Langit yang semula berwarna merah darah kini berangsur-angsur meredup, menyisakan warna kelabu yang suram di atas puncak-puncak gunung es yang menjulang tinggi. Salju yang jatuh perlahan, seperti hiasan dari dunia yang sudah terbalik, menutupi tanah yang sebelumnya porak-poranda akibat pertempuran sengit antara Arga, Elara, dan makhluk raksasa dari es. Udara terasa dingin, lebih dari sebelumnya, seolah alam itu sendiri sedang bernafas dalam ketegangan yang masih menyelimuti dunia.
Arga menatap bola kristal yang kini tampak rapuh di tangannya. Energi yang sebelumnya menyala terang kini hanya menyisakan cahaya yang memudar, seperti nyala api yang hampir padam. Namun, dia tahu, walaupun kekuatannya berkurang, bola kristal itu masih menyimpan misteri yang jauh lebih besar dari yang bisa mereka bayangkan. Sebuah potensi yang bisa mengubah nasib dunia.
Elara berdiri di sampingnya, matanya menatap ke kejauhan, menyelami pikiran-pikiran yang berkecamuk dalam benaknya. Kemenangan atas makhluk es yang mengerikan itu tidak memberikan rasa lega yang mereka harapkan. Justru, ada kekosongan yang mencekam hati mereka. Apa yang telah mereka lakukan? Benarkah mereka sudah memilih jalan yang benar?

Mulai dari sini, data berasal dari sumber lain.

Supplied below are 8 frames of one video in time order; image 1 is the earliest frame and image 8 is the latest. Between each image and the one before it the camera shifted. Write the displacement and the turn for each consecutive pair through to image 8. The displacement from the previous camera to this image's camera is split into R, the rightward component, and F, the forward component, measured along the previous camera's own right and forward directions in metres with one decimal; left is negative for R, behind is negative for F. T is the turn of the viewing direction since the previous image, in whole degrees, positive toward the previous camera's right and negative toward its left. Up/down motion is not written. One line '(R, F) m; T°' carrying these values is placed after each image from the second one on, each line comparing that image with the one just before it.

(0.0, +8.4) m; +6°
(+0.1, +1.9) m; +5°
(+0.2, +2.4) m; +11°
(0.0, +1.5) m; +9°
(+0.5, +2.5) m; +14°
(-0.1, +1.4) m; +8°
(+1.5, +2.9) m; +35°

Apakah dunia ini benar-benar siap untuk menerima kekuatan yang baru mereka bangkitkan?
"Arga," suara Elara terdengar lirih, seolah terhanyut dalam kesunyian yang mendalam. "Apa yang akan kita lakukan sekarang?"
Arga menarik napas dalam-dalam, mencoba menenangkan pikirannya yang gelisah. "Aku tidak tahu, Elara. Kita baru saja mengalahkan satu ancaman besar, tapi kita tahu itu bukan akhir dari segalanya. Energi yang kita bangkitkan, kekuatan yang ada di tangan kita, itu... itu lebih dari yang kita bayangkan."

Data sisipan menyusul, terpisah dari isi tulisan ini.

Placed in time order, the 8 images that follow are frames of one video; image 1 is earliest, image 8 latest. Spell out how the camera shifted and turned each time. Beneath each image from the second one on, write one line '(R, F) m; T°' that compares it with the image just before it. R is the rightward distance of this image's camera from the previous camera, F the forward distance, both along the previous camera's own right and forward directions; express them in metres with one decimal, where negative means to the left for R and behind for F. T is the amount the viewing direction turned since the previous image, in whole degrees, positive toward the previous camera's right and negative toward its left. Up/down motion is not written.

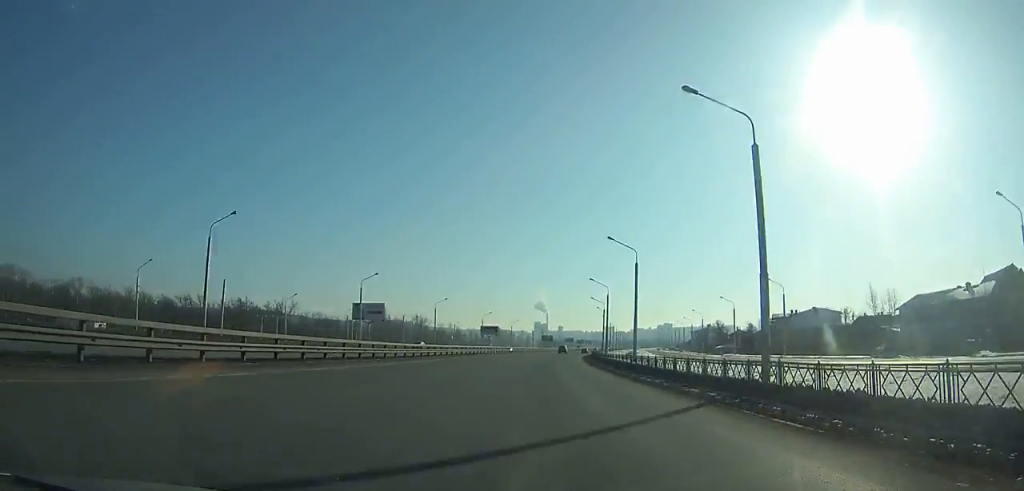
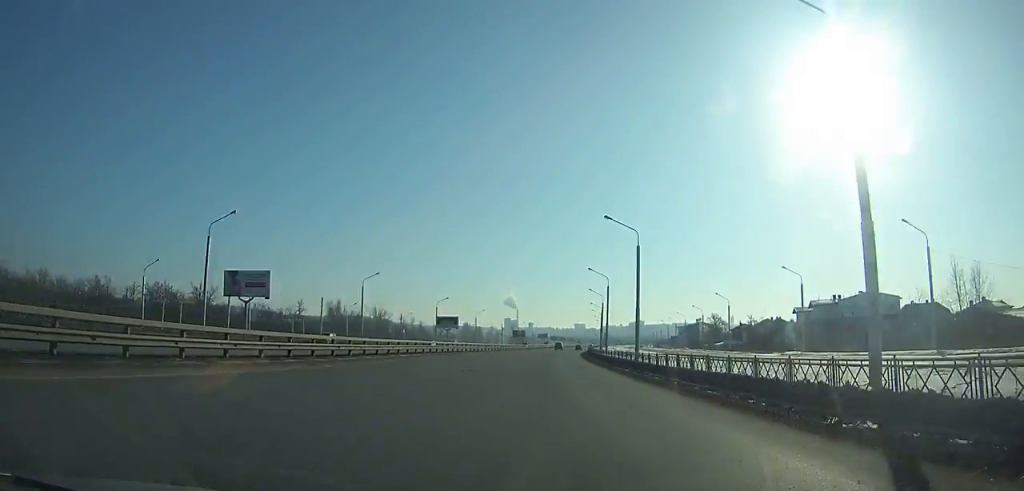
(+1.9, +39.2) m; +3°
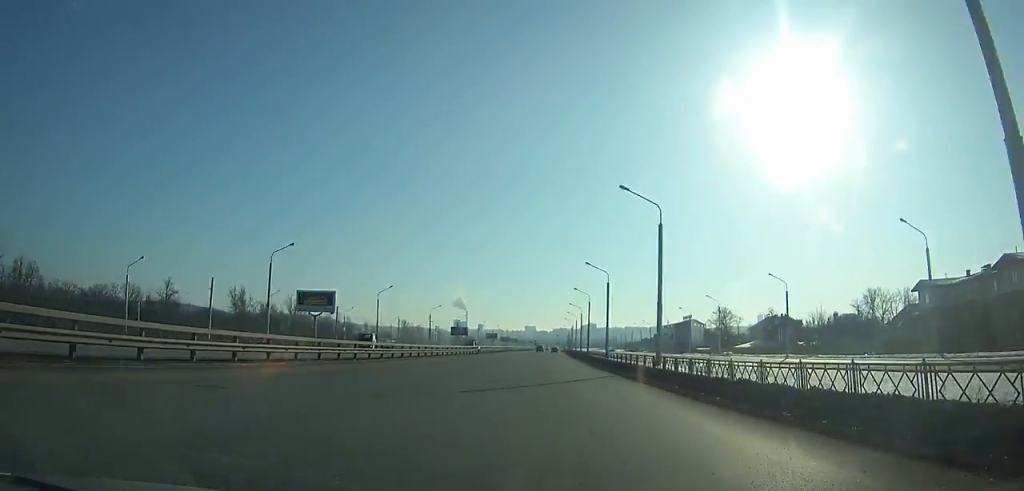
(+2.8, +70.7) m; +4°
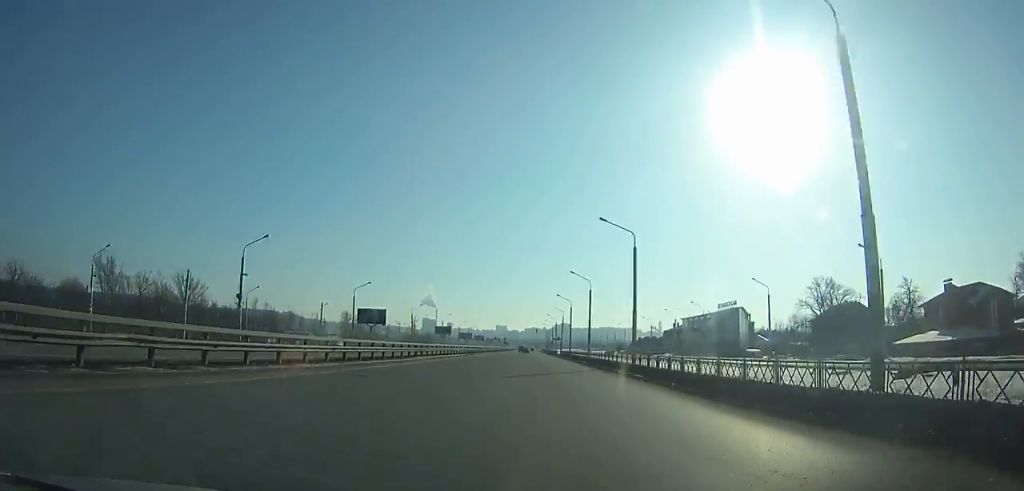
(+2.4, +87.3) m; +2°
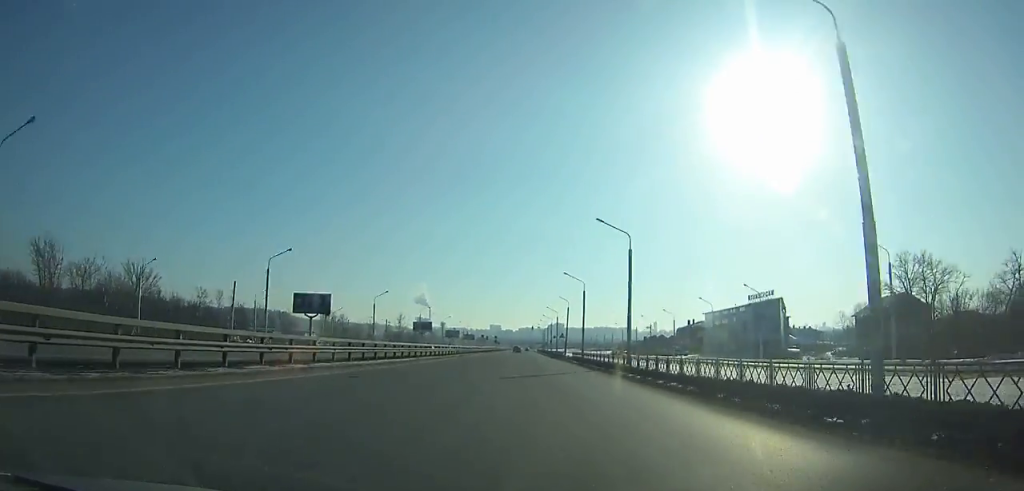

Elara mengangguk pelan. "Aku takut, Arga. Apa yang terjadi jika ada orang yang salah menggunakan kekuatan ini? Apa yang terjadi jika kita gagal menjaga keseimbangan dunia?"
Sebelum Arga bisa menjawab, bola kristal di tangannya mulai bergetar. Cahayanya yang memudar perlahan kembali menyala, meski tak secerah sebelumnya. Ada getaran aneh yang terasa, seperti sesuatu yang ingin keluar, sesuatu yang tersembunyi jauh di dalam bola itu. Arga merasakan kekuatan yang terpendam di dalamnya. Kekhawatiran Elara bukanlah tanpa dasar.
"Ini belum berakhir," kata Arga dengan suara penuh tekad. "Tapi kita harus berhati-hati. Jika kita tidak bisa mengendalikan energi ini, maka kita akan membuka jalan bagi kehancuran."
Elara menatap bola kristal itu, merasa sebuah kekuatan yang begitu besar tapi juga begitu berbahaya sedang bangkit. "Apa yang akan kita lakukan, Arga? Dunia ini sudah terluka. Apakah kita benar-benar bisa memperbaikinya?"
Arga mendekatkan bola kristal ke dadanya, merasa detak jantungnya seiring dengan getaran bola itu. "Ada satu cara untuk mengakhiri semuanya. Tapi itu bukan tanpa resiko. Kita harus kembali ke tempat pertama kali kita menemukan bola kristal ini, tempat di mana semua dimulai. Di sana, kita bisa menemukan jawabannya."